• [Input data]:

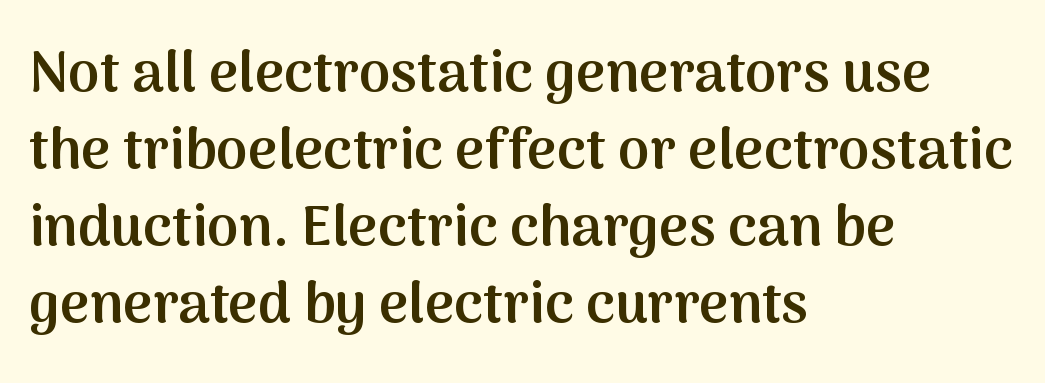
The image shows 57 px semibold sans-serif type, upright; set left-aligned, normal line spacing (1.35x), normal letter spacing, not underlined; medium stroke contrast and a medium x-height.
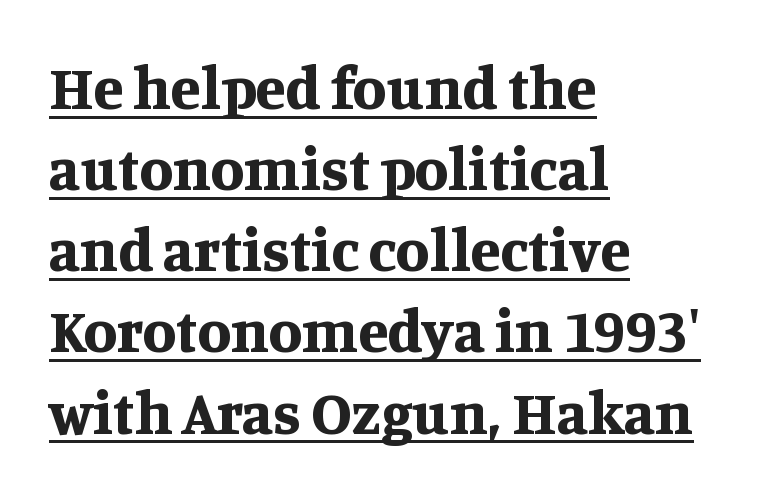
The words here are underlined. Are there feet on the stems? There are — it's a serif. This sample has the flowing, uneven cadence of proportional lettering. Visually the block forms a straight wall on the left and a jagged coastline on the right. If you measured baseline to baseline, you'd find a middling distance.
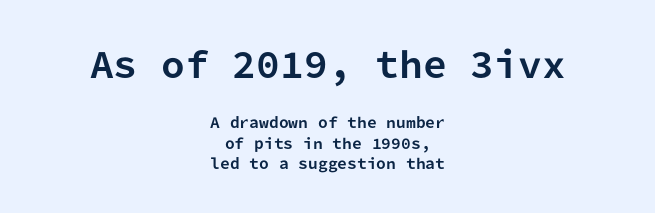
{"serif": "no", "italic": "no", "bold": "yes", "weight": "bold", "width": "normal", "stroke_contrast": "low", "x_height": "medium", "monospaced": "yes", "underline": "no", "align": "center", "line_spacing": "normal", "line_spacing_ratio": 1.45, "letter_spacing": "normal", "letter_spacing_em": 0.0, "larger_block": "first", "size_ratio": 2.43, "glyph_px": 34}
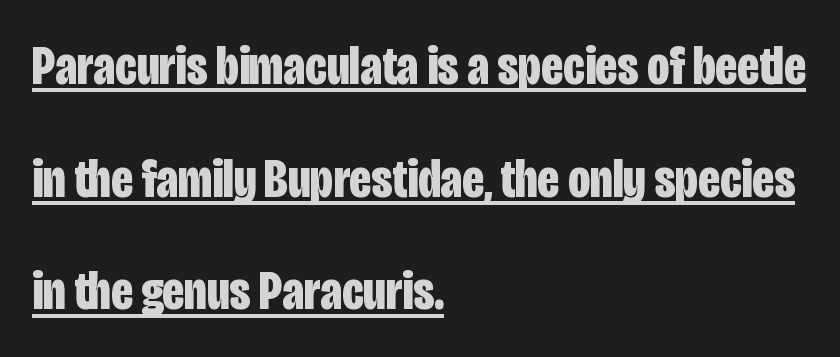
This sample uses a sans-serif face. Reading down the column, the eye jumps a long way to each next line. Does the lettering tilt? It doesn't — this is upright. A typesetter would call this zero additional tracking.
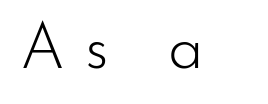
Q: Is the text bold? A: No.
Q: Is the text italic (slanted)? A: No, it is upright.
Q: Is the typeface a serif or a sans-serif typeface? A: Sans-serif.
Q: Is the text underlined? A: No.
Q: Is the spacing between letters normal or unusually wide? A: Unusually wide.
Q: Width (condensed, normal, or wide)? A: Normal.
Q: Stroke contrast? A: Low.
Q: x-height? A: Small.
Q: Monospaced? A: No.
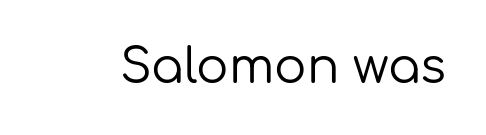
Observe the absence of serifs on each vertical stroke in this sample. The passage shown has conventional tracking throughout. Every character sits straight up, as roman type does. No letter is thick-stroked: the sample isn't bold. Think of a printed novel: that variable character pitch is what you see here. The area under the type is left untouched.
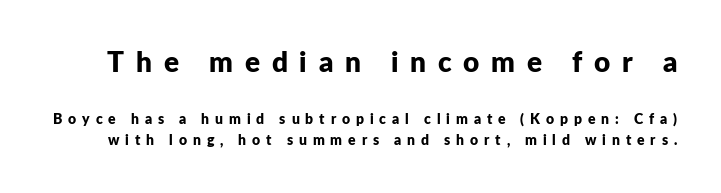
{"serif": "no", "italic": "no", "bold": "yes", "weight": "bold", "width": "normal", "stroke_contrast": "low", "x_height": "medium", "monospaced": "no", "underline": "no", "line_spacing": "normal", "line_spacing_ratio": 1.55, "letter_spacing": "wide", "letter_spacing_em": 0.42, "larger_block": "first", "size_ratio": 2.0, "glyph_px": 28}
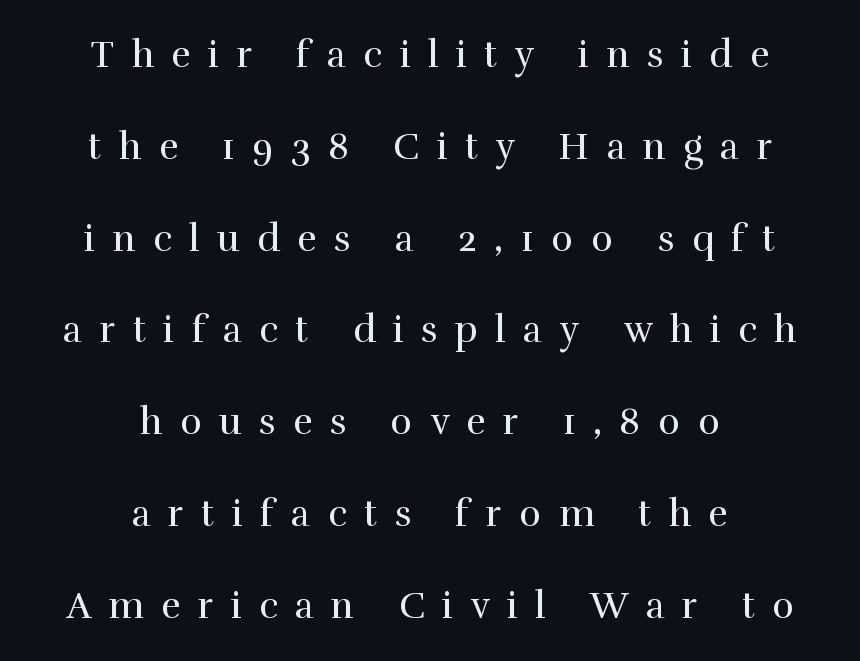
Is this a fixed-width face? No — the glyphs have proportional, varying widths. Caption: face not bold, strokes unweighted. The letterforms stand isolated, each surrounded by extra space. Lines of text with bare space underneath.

• [Prompt]:
Write the material out again word for word and omit any images.

• [Output below]:
The image shows 57 px semibold sans-serif type, upright; set left-aligned, normal line spacing (1.35x), normal letter spacing, not underlined; medium stroke contrast and a medium x-height.
The words here are underlined. Are there feet on the stems? There are — it's a serif. This sample has the flowing, uneven cadence of proportional lettering. Visually the block forms a straight wall on the left and a jagged coastline on the right. If you measured baseline to baseline, you'd find a middling distance.
{"serif": "no", "italic": "no", "bold": "yes", "weight": "bold", "width": "normal", "stroke_contrast": "low", "x_height": "medium", "monospaced": "yes", "underline": "no", "align": "center", "line_spacing": "normal", "line_spacing_ratio": 1.45, "letter_spacing": "normal", "letter_spacing_em": 0.0, "larger_block": "first", "size_ratio": 2.43, "glyph_px": 34}
This sample uses a sans-serif face. Reading down the column, the eye jumps a long way to each next line. Does the lettering tilt? It doesn't — this is upright. A typesetter would call this zero additional tracking.
Q: Is the text bold? A: No.
Q: Is the text italic (slanted)? A: No, it is upright.
Q: Is the typeface a serif or a sans-serif typeface? A: Sans-serif.
Q: Is the text underlined? A: No.
Q: Is the spacing between letters normal or unusually wide? A: Unusually wide.
Q: Width (condensed, normal, or wide)? A: Normal.
Q: Stroke contrast? A: Low.
Q: x-height? A: Small.
Q: Monospaced? A: No.
Observe the absence of serifs on each vertical stroke in this sample. The passage shown has conventional tracking throughout. Every character sits straight up, as roman type does. No letter is thick-stroked: the sample isn't bold. Think of a printed novel: that variable character pitch is what you see here. The area under the type is left untouched.
{"serif": "no", "italic": "no", "bold": "yes", "weight": "bold", "width": "normal", "stroke_contrast": "low", "x_height": "medium", "monospaced": "no", "underline": "no", "line_spacing": "normal", "line_spacing_ratio": 1.55, "letter_spacing": "wide", "letter_spacing_em": 0.42, "larger_block": "first", "size_ratio": 2.0, "glyph_px": 28}
Is this a fixed-width face? No — the glyphs have proportional, varying widths. Caption: face not bold, strokes unweighted. The letterforms stand isolated, each surrounded by extra space. Lines of text with bare space underneath.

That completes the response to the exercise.